▸ **WHAT IS EXPECTED**: Return all lines in the data where the string "rule" can be found.

▸ **THE INPUT**:
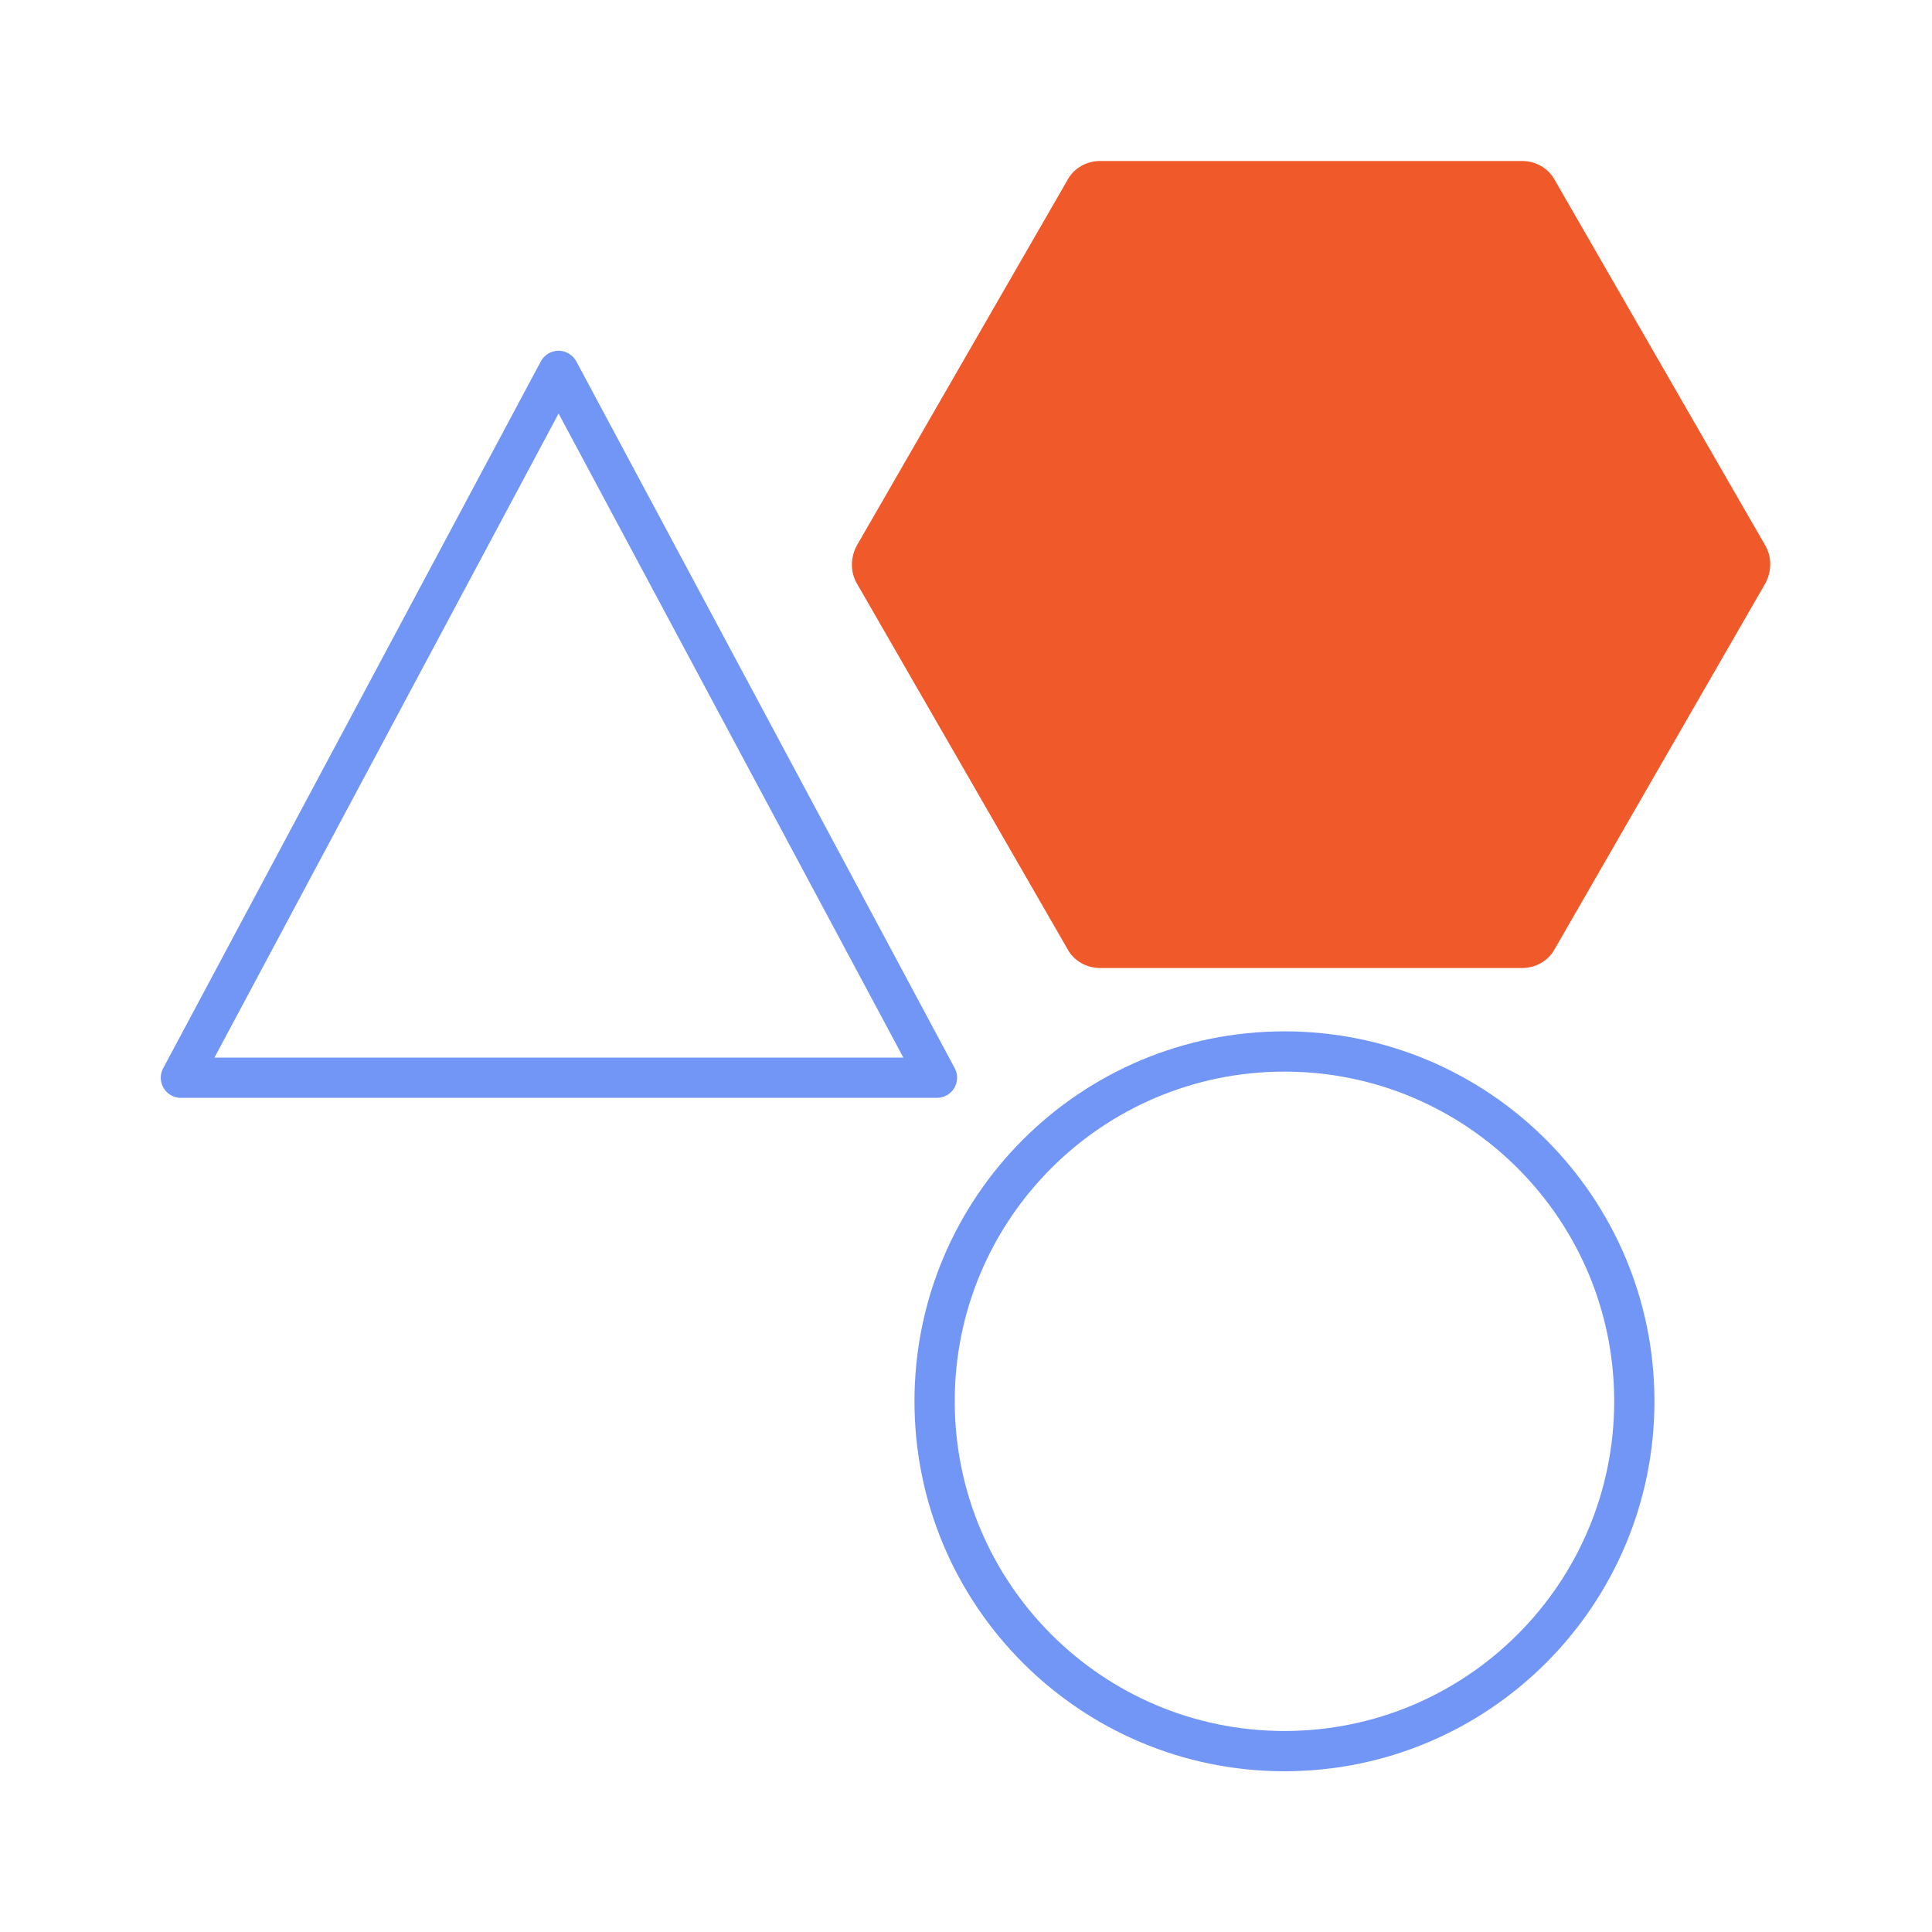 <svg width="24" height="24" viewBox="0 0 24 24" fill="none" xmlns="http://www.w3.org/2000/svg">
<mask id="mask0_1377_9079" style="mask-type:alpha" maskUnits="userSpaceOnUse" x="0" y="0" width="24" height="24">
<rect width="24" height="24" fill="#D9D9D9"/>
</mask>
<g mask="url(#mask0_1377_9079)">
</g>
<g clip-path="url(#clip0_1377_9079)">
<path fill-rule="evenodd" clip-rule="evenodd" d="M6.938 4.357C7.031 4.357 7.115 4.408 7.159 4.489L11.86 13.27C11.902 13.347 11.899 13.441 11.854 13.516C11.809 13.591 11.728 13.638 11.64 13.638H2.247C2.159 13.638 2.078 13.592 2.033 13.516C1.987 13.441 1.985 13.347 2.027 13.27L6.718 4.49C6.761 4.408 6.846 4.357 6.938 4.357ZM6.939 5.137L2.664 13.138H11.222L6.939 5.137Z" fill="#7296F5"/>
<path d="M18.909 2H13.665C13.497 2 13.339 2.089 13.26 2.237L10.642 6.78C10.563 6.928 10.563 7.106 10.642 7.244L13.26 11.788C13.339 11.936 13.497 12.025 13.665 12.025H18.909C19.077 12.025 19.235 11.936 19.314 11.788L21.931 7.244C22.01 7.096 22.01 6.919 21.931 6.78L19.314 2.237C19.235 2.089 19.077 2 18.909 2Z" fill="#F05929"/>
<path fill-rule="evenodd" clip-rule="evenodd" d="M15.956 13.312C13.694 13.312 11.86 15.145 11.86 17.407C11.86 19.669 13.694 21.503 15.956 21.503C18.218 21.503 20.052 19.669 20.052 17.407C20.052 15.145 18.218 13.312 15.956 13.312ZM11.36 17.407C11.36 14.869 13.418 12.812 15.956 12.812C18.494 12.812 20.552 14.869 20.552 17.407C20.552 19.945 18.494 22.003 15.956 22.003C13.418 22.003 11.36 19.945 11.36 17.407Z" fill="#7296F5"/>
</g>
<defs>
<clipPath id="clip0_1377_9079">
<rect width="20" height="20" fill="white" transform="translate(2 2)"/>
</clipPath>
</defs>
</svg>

▸ **WORKED SOLUTION**:
<path fill-rule="evenodd" clip-rule="evenodd" d="M6.938 4.357C7.031 4.357 7.115 4.408 7.159 4.489L11.86 13.27C11.902 13.347 11.899 13.441 11.854 13.516C11.809 13.591 11.728 13.638 11.64 13.638H2.247C2.159 13.638 2.078 13.592 2.033 13.516C1.987 13.441 1.985 13.347 2.027 13.27L6.718 4.49C6.761 4.408 6.846 4.357 6.938 4.357ZM6.939 5.137L2.664 13.138H11.222L6.939 5.137Z" fill="#7296F5"/>
<path fill-rule="evenodd" clip-rule="evenodd" d="M15.956 13.312C13.694 13.312 11.86 15.145 11.86 17.407C11.86 19.669 13.694 21.503 15.956 21.503C18.218 21.503 20.052 19.669 20.052 17.407C20.052 15.145 18.218 13.312 15.956 13.312ZM11.36 17.407C11.36 14.869 13.418 12.812 15.956 12.812C18.494 12.812 20.552 14.869 20.552 17.407C20.552 19.945 18.494 22.003 15.956 22.003C13.418 22.003 11.36 19.945 11.36 17.407Z" fill="#7296F5"/>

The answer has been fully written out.